> Aim of the task: With the pictures left out, restate every entry word for word.

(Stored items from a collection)
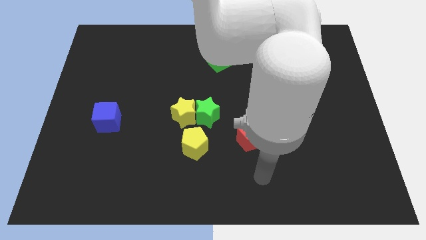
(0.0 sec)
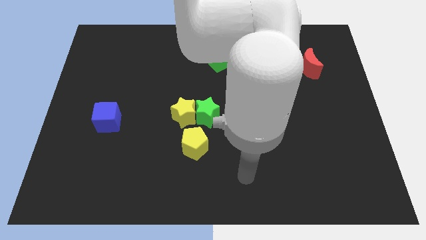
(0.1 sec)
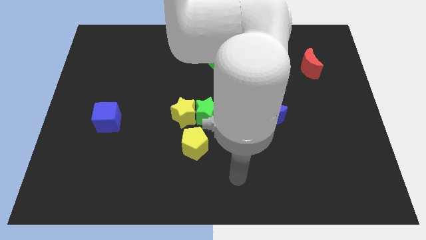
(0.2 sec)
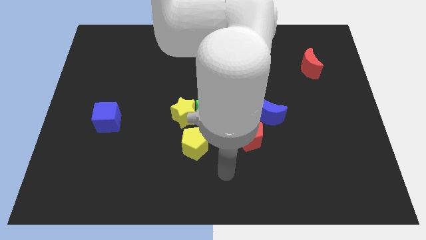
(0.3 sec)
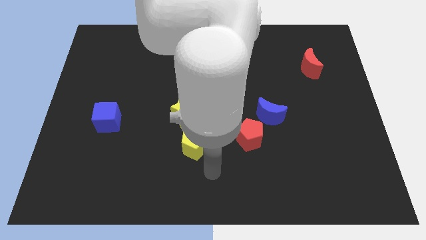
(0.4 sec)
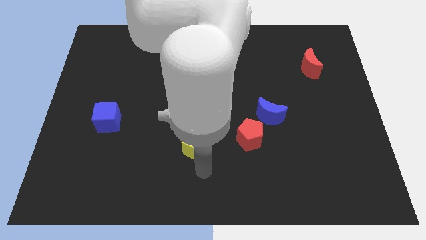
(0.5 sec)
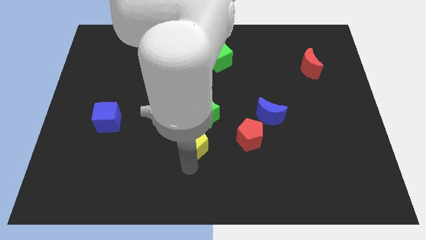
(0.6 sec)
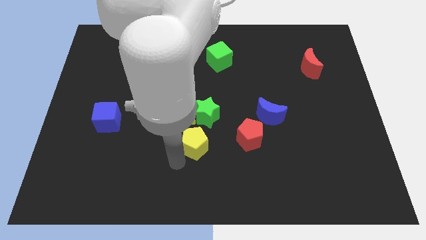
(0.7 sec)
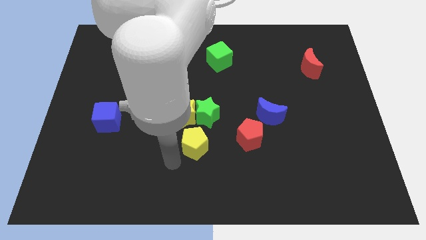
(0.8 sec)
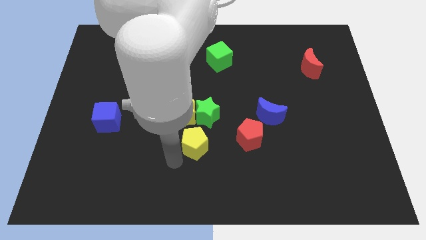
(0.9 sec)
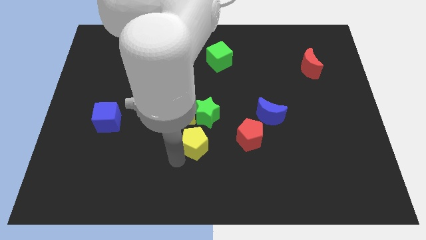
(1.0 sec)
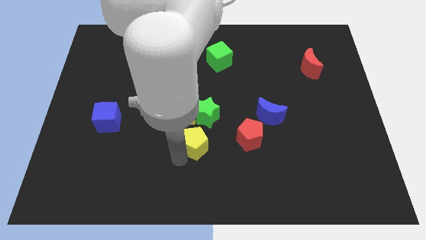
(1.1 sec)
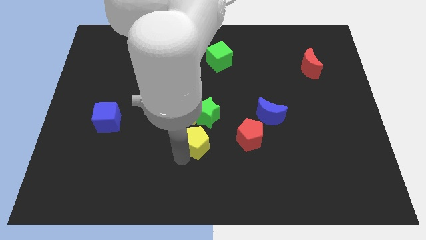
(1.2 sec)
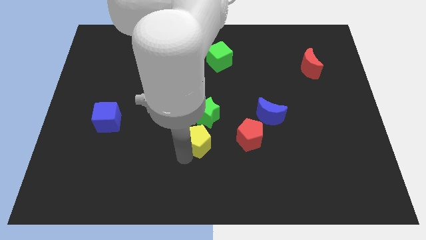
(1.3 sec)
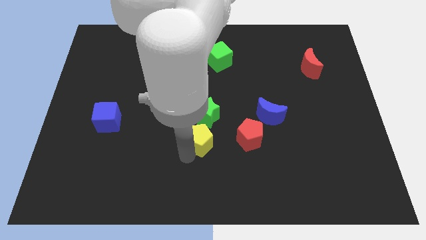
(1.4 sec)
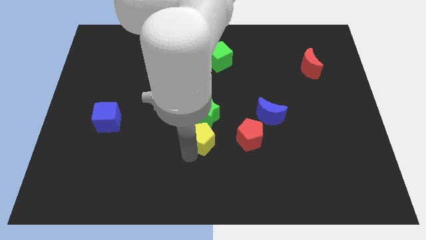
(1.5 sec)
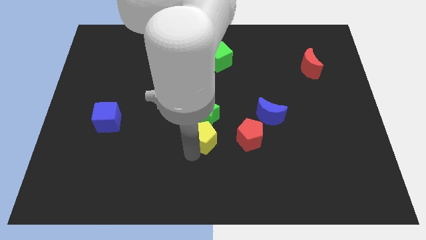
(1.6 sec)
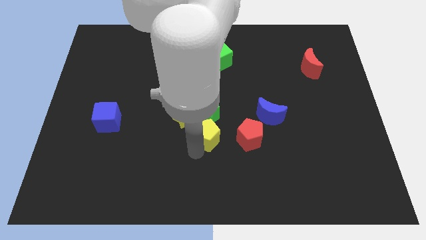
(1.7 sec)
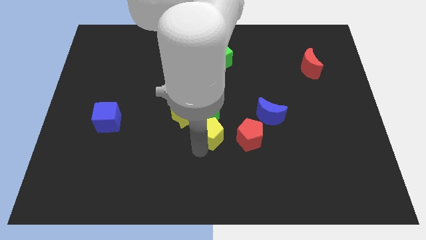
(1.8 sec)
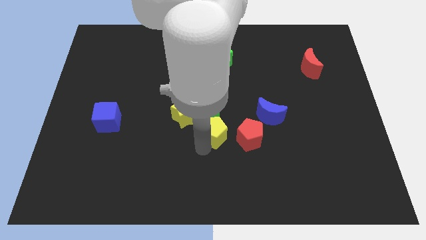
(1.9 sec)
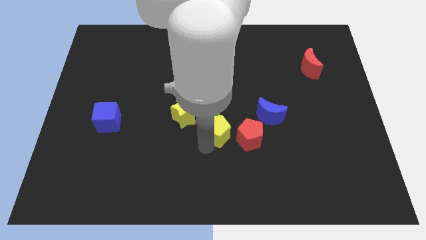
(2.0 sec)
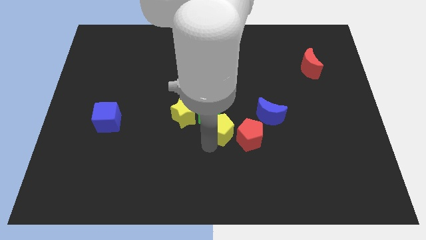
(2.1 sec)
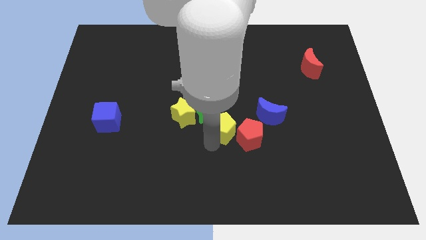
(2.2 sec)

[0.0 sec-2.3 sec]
push the yellow pentagon up and right diagonally a little

> Task solution:
(0.0 sec)
(0.1 sec)
(0.2 sec)
(0.3 sec)
(0.4 sec)
(0.5 sec)
(0.6 sec)
(0.7 sec)
(0.8 sec)
(0.9 sec)
(1.0 sec)
(1.1 sec)
(1.2 sec)
(1.3 sec)
(1.4 sec)
(1.5 sec)
(1.6 sec)
(1.7 sec)
(1.8 sec)
(1.9 sec)
(2.0 sec)
(2.1 sec)
(2.2 sec)

[0.0 sec-2.3 sec]
push the yellow pentagon up and right diagonally a little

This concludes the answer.